Filesystem operations can be done by calling the static method Pig.fs. The string passed to it should be a valid string for use in the Grunt shell (see Chapter 3). The return code from running the shell command will be returned.

You can use register, define, and set in your compiled Pig Latin statements as you do in nonembedded Pig Latin. However, you might wish to register a JAR, define a function alias, or set a value that you want to be effective through all your Pig Latin code blocks.

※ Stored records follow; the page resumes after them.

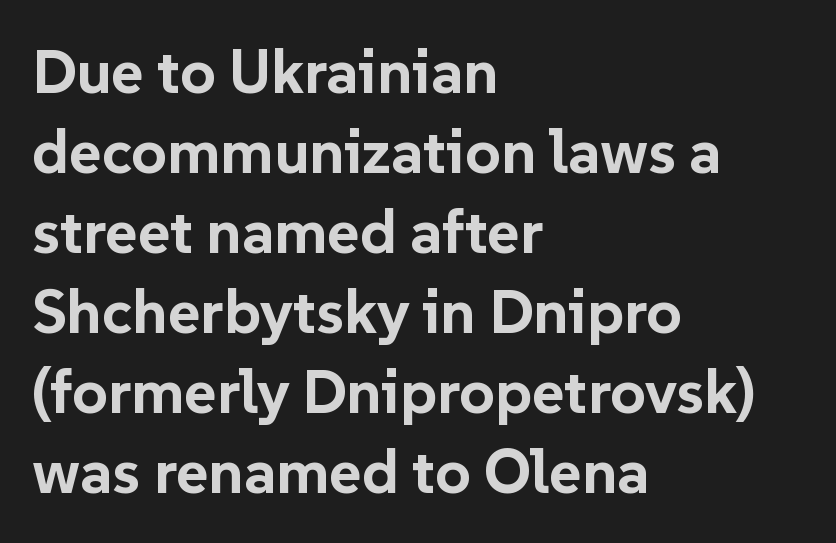
{"serif": "no", "italic": "no", "bold": "yes", "weight": "bold", "width": "normal", "stroke_contrast": "low", "x_height": "medium", "monospaced": "no", "underline": "no", "align": "left", "line_spacing": "normal", "line_spacing_ratio": 1.29, "letter_spacing": "normal", "letter_spacing_em": 0.0, "glyph_px": 62}
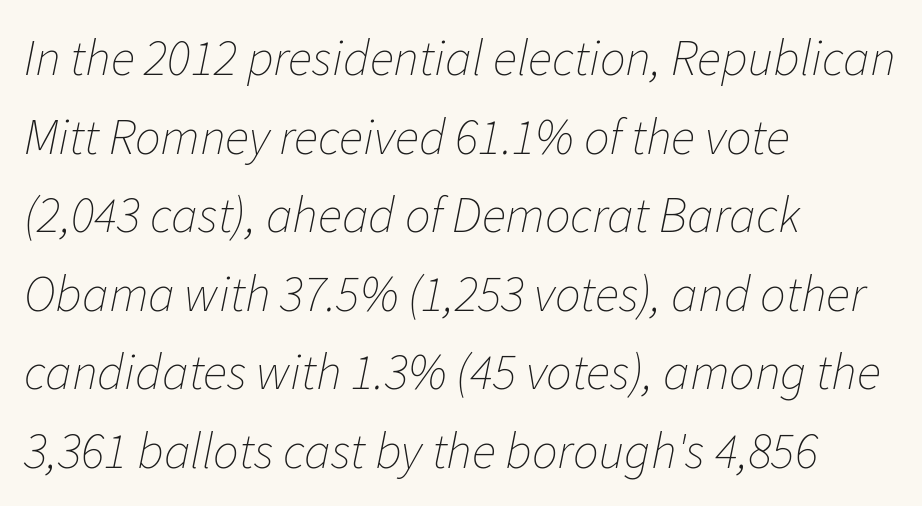
The image shows 51 px thin type, italic (leaning right); set left-aligned, normal line spacing (1.54x), normal letter spacing, not underlined; low stroke contrast and a medium x-height.
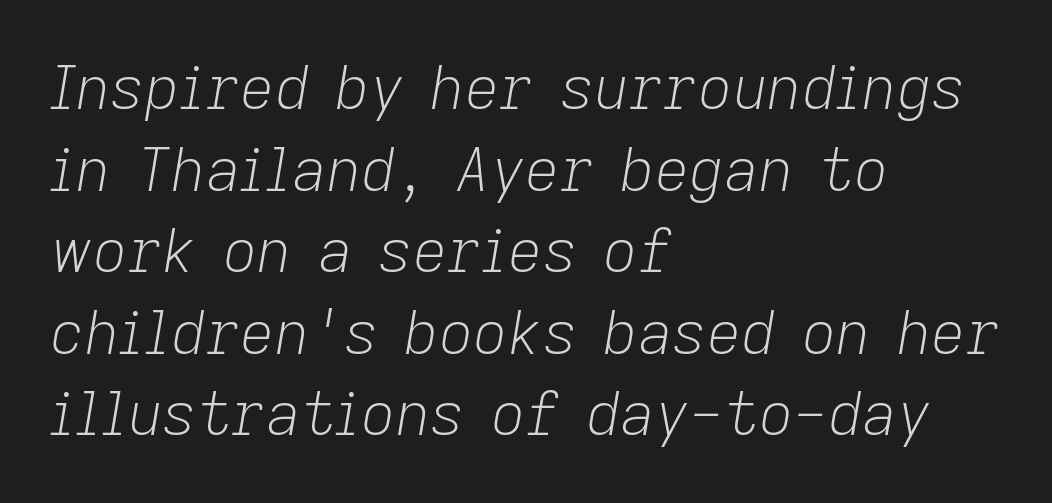
{"italic": "yes", "lean": "right", "slant_degrees": 9, "bold": "no", "weight": "light", "width": "normal", "stroke_contrast": "low", "x_height": "medium", "monospaced": "no", "underline": "no", "align": "left", "line_spacing": "normal", "line_spacing_ratio": 1.36, "letter_spacing": "normal", "letter_spacing_em": 0.0, "glyph_px": 60}
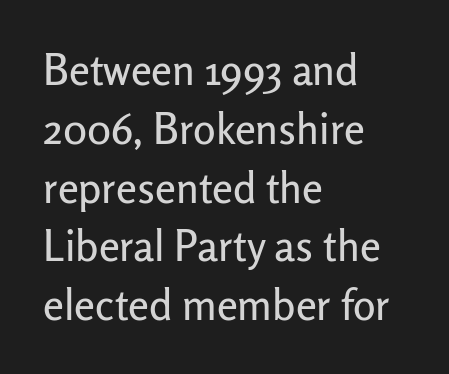
{"serif": "no", "italic": "no", "width": "normal", "stroke_contrast": "low", "x_height": "medium", "monospaced": "no", "underline": "no", "align": "left", "line_spacing": "normal", "line_spacing_ratio": 1.4, "letter_spacing": "normal", "letter_spacing_em": 0.0, "glyph_px": 42}
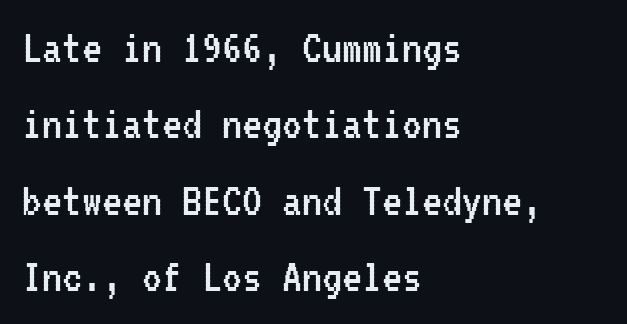
The image shows 50 px regular-weight, condensed sans-serif type, upright, monospaced; set left-aligned, normal line spacing (1.53x), normal letter spacing, not underlined; low stroke contrast and a medium x-height.
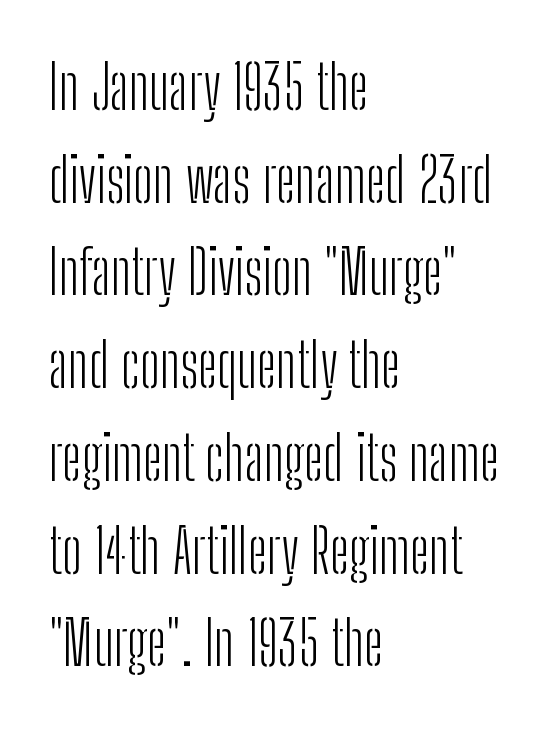
Q: Is the text bold? A: No.
Q: Is the text italic (slanted)? A: No, it is upright.
Q: Is the typeface a serif or a sans-serif typeface? A: Sans-serif.
Q: Is the text underlined? A: No.
Q: How is the paragraph aligned? A: Left-aligned.
Q: Is the spacing between letters normal or unusually wide? A: Normal.
Q: Is the spacing between lines tight, normal or loose? A: Normal.
Q: Width (condensed, normal, or wide)? A: Condensed.
Q: Stroke contrast? A: Low.
Q: x-height? A: Medium.
Q: Monospaced? A: No.
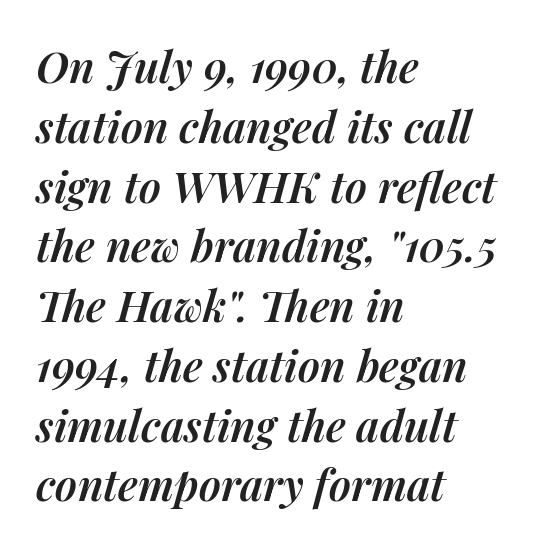
{"italic": "yes", "lean": "right", "slant_degrees": 14, "bold": "semi", "weight": "semibold", "width": "normal", "stroke_contrast": "medium", "x_height": "medium", "monospaced": "no", "underline": "no", "align": "left", "line_spacing": "normal", "line_spacing_ratio": 1.39, "letter_spacing": "normal", "letter_spacing_em": 0.0, "glyph_px": 43}
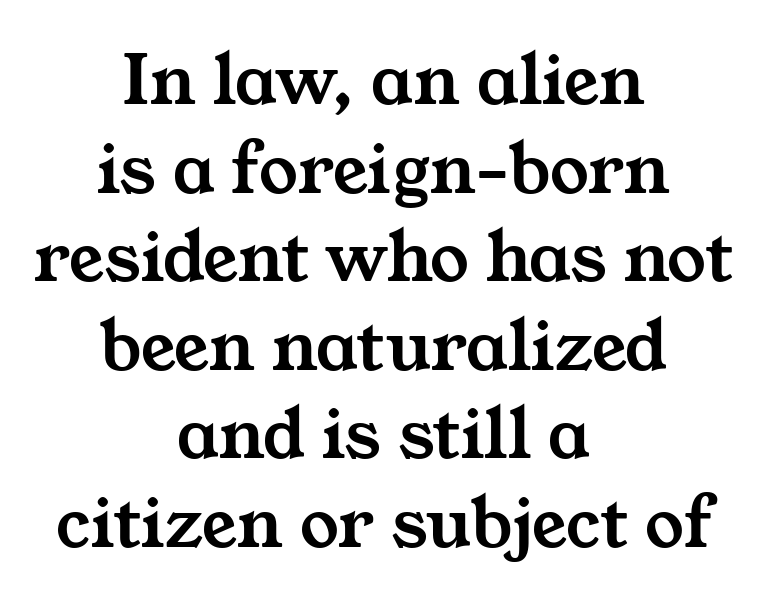
Q: Is the typeface a serif or a sans-serif typeface? A: Serif.
Q: Is the text underlined? A: No.
Q: How is the paragraph aligned? A: Centered.
Q: Is the spacing between letters normal or unusually wide? A: Normal.
Q: Is the spacing between lines tight, normal or loose? A: Tight.
Q: Width (condensed, normal, or wide)? A: Wide.
Q: Stroke contrast? A: Medium.
Q: x-height? A: Medium.
Q: Monospaced? A: No.
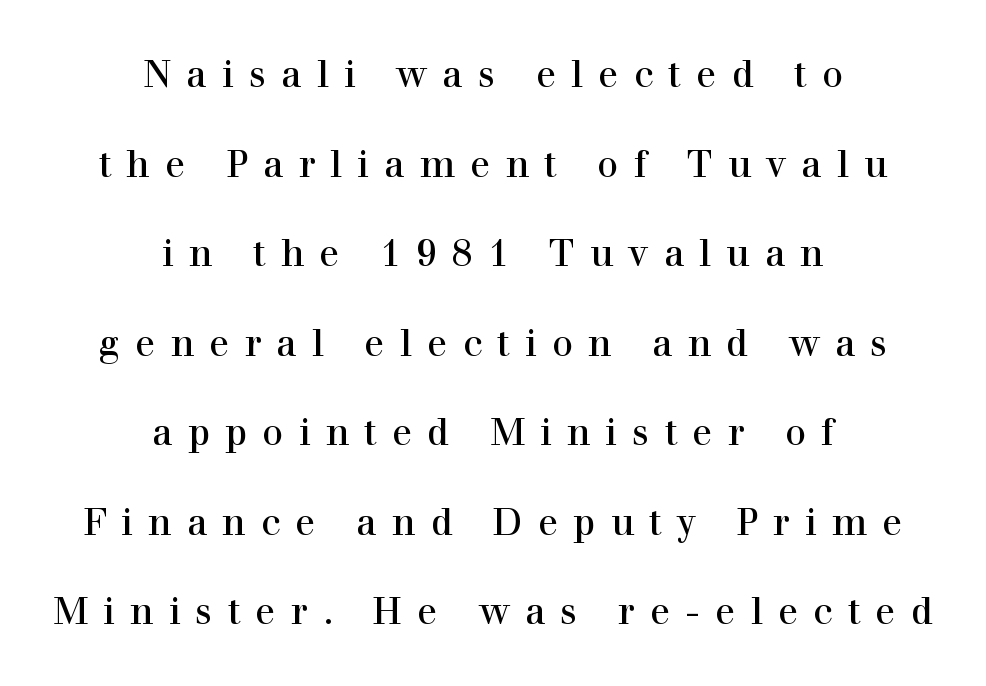
{"serif": "yes", "italic": "no", "bold": "no", "weight": "regular", "width": "normal", "stroke_contrast": "high", "x_height": "medium", "monospaced": "no", "underline": "no", "align": "center", "line_spacing": "loose", "line_spacing_ratio": 2.42, "letter_spacing": "wide", "letter_spacing_em": 0.41, "glyph_px": 37}
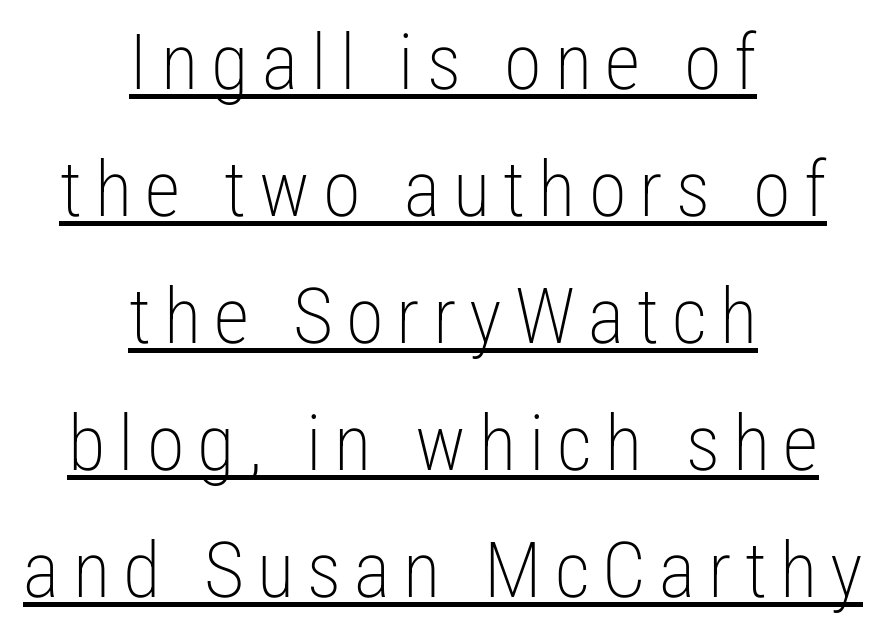
{"serif": "no", "italic": "no", "bold": "no", "weight": "light", "width": "condensed", "stroke_contrast": "low", "x_height": "medium", "monospaced": "no", "underline": "yes", "align": "center", "line_spacing": "normal", "line_spacing_ratio": 1.65, "glyph_px": 77}
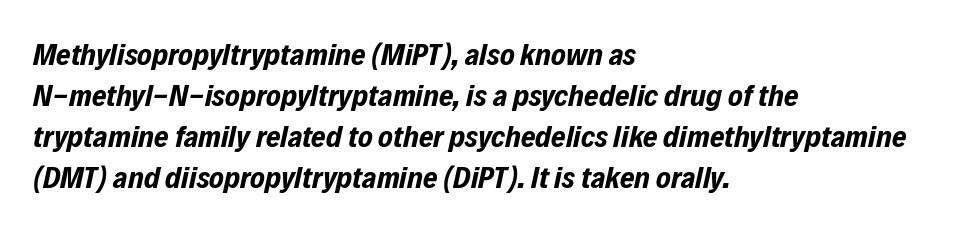
Q: Is the text bold? A: Yes.
Q: Is the text italic (slanted)? A: Yes, it leans right by about 12 degrees.
Q: Is the text underlined? A: No.
Q: How is the paragraph aligned? A: Left-aligned.
Q: Is the spacing between letters normal or unusually wide? A: Normal.
Q: Is the spacing between lines tight, normal or loose? A: Normal.
Q: Width (condensed, normal, or wide)? A: Condensed.
Q: Stroke contrast? A: Low.
Q: x-height? A: Medium.
Q: Monospaced? A: No.
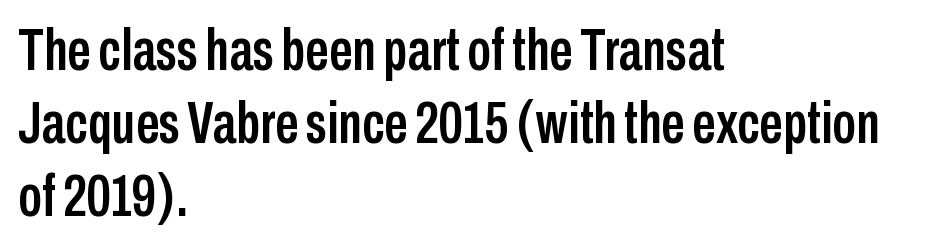
Q: Is the text italic (slanted)? A: No, it is upright.
Q: Is the typeface a serif or a sans-serif typeface? A: Sans-serif.
Q: Is the text underlined? A: No.
Q: How is the paragraph aligned? A: Left-aligned.
Q: Is the spacing between letters normal or unusually wide? A: Normal.
Q: Width (condensed, normal, or wide)? A: Condensed.
Q: Stroke contrast? A: Low.
Q: x-height? A: Medium.
Q: Monospaced? A: No.
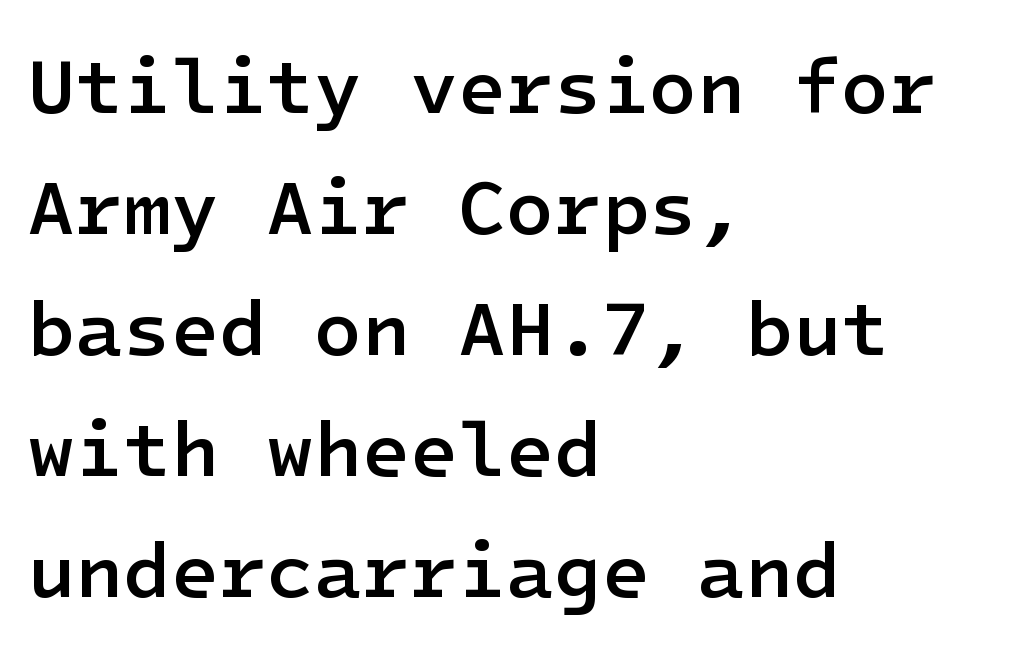
{"serif": "no", "italic": "no", "bold": "semi", "weight": "semibold", "width": "normal", "stroke_contrast": "low", "x_height": "medium", "underline": "no", "align": "left", "line_spacing": "normal", "line_spacing_ratio": 1.55, "letter_spacing": "normal", "letter_spacing_em": 0.0, "glyph_px": 78}
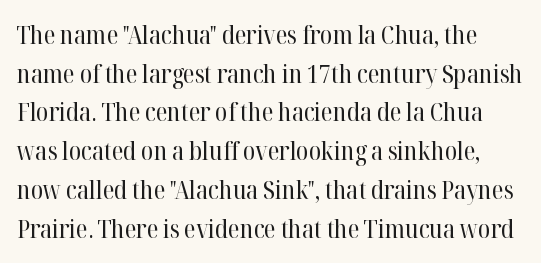
{"italic": "no", "bold": "no", "underline": "no", "line_spacing": "normal", "line_spacing_ratio": 1.55, "letter_spacing": "normal", "letter_spacing_em": 0.0, "glyph_px": 25}
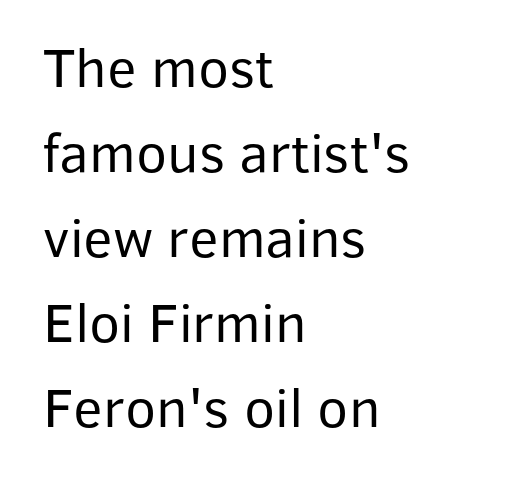
{"serif": "no", "italic": "no", "bold": "no", "weight": "regular", "width": "normal", "stroke_contrast": "low", "x_height": "medium", "monospaced": "no", "underline": "no", "align": "left", "line_spacing": "normal", "line_spacing_ratio": 1.49, "letter_spacing": "normal", "letter_spacing_em": 0.0, "glyph_px": 57}
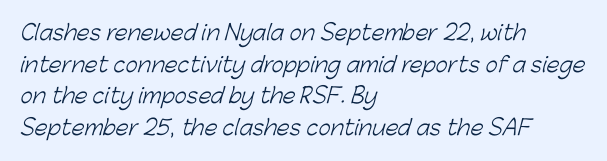
Q: Is the text bold? A: No.
Q: Is the text underlined? A: No.
Q: How is the paragraph aligned? A: Left-aligned.
Q: Is the spacing between letters normal or unusually wide? A: Normal.
Q: Is the spacing between lines tight, normal or loose? A: Normal.
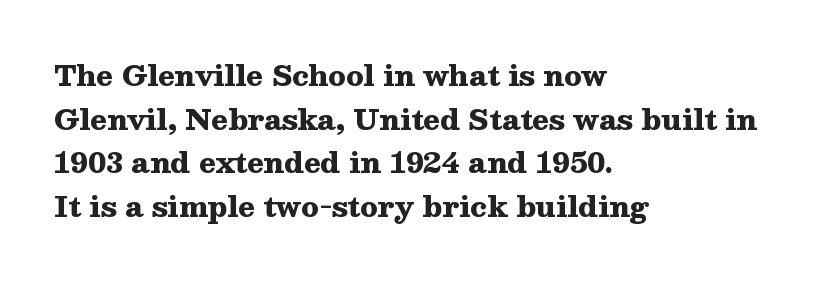
The image shows 28 px heavy, wide serif type, upright; set left-aligned, normal line spacing (1.56x), normal letter spacing, not underlined; medium stroke contrast and a medium x-height.
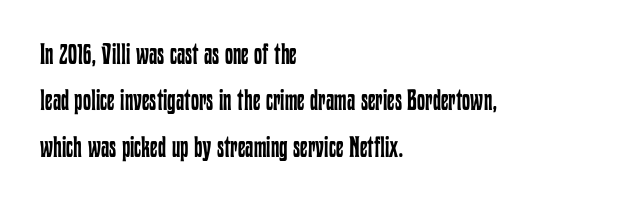
Q: Is the text bold? A: No.
Q: Is the text italic (slanted)? A: No, it is upright.
Q: Is the text underlined? A: No.
Q: How is the paragraph aligned? A: Left-aligned.
Q: Is the spacing between letters normal or unusually wide? A: Normal.
Q: Is the spacing between lines tight, normal or loose? A: Normal.
Q: Width (condensed, normal, or wide)? A: Condensed.
Q: Stroke contrast? A: Low.
Q: x-height? A: Medium.
Q: Monospaced? A: No.
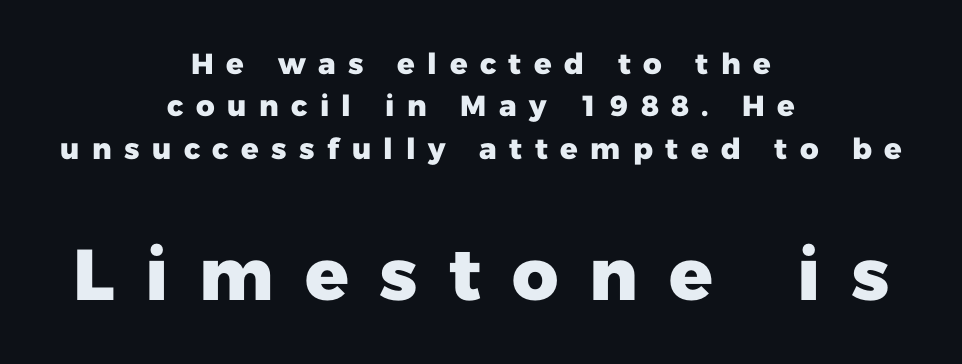
{"serif": "no", "italic": "no", "bold": "yes", "weight": "heavy", "width": "normal", "stroke_contrast": "low", "x_height": "medium", "monospaced": "no", "underline": "no", "align": "center", "line_spacing": "normal", "line_spacing_ratio": 1.46, "letter_spacing": "wide", "letter_spacing_em": 0.43, "larger_block": "second", "size_ratio": 2.48, "glyph_px": 72}
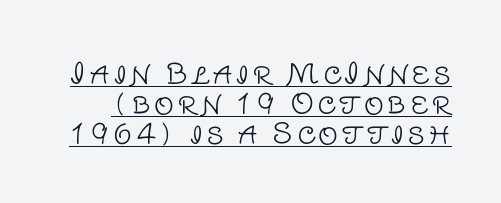
{"serif": "no", "bold": "no", "weight": "light", "width": "normal", "stroke_contrast": "low", "x_height": "large", "monospaced": "no", "underline": "yes", "line_spacing": "tight", "line_spacing_ratio": 1.08, "glyph_px": 28}
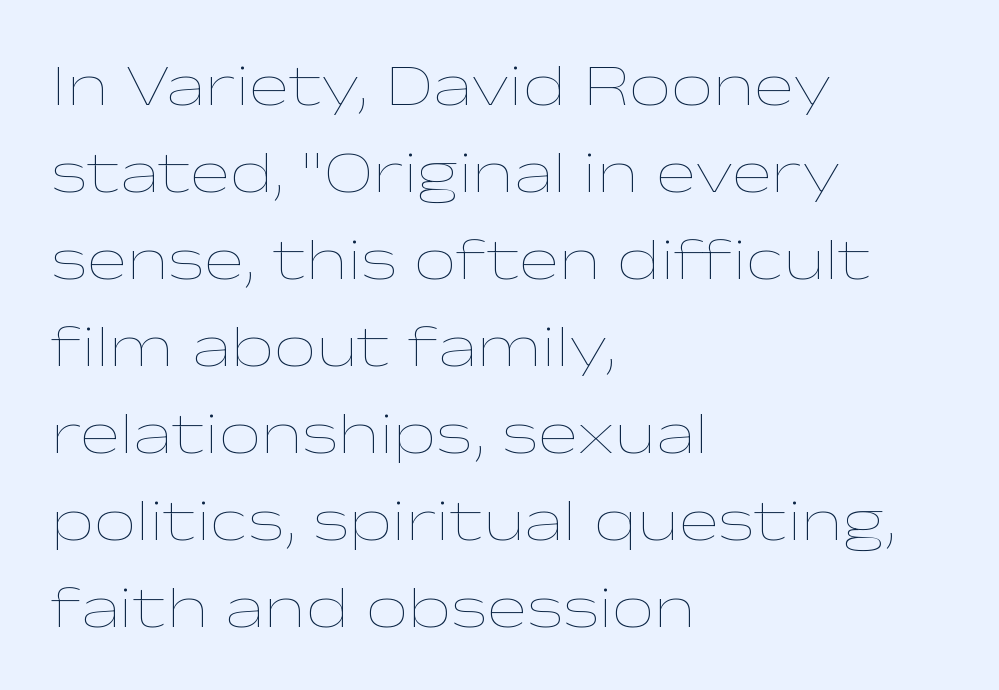
The image shows 60 px thin, wide type, upright; set left-aligned, normal line spacing (1.45x), normal letter spacing, not underlined; low stroke contrast and a medium x-height.

In these cases you can use the static methods of Pig described in Table 9-2. The registers, defines, and sets done by these methods will affect all Pig Latin code compiled after they are called:

# register etc. will not affect this block.
p1 = Pig.compile("...")

Pig.registerJar("acme.jar")
Pig.registerUDF("acme_python.py", "acme")
Pig.define("d_to_e", "com.acme.financial.CurrencyConverter('dollar', 'euro'"))
Pig.set("default_parallel", "100")

# register etc. will affect p2 and p3
p2 = Pig.compile("...")
p3 = Pig.compile("...")
Table 9-2. Pig utility methods
Method Arguments Pig Latin equivalent
registerJar(String jarfile) jarfile is the JAR to register. register jarfile;
registerUDF(String udffile, String namespace)

udffile is the UDF file to register.

namespace is the namespace to place the UDF in.

register udffile using jython as namespace;
define(String alias, String definition)

alias is the name of the definition.

definition is the string being aliased.

define alias definition;
set(String variable, String value)

variable is the variable to set.

value is the value to set the variable to.

set variable value;

Once a script has been bound and a BoundScript returned, in addition to running the script you can also call describe, explain, or illustrate. These do exactly what they would if they were in a nonembedded Pig Latin script. However, they do not return the resulting output to your script; instead, it is dumped to the standard out. (These operators are intended for use in debugging rather than for returning data directly to your script.)



[21] In some of the documentation, wiki pages, and issues on JIRA, embedded Pig is referred to as Turing Complete Pig. This was what the project was called when it first started, even though we did not make Pig itself Turing complete.

[22] There is already an experimental version of JavaScript in 0.9.

[23] The example code was graciously provided by Julien Le Dem.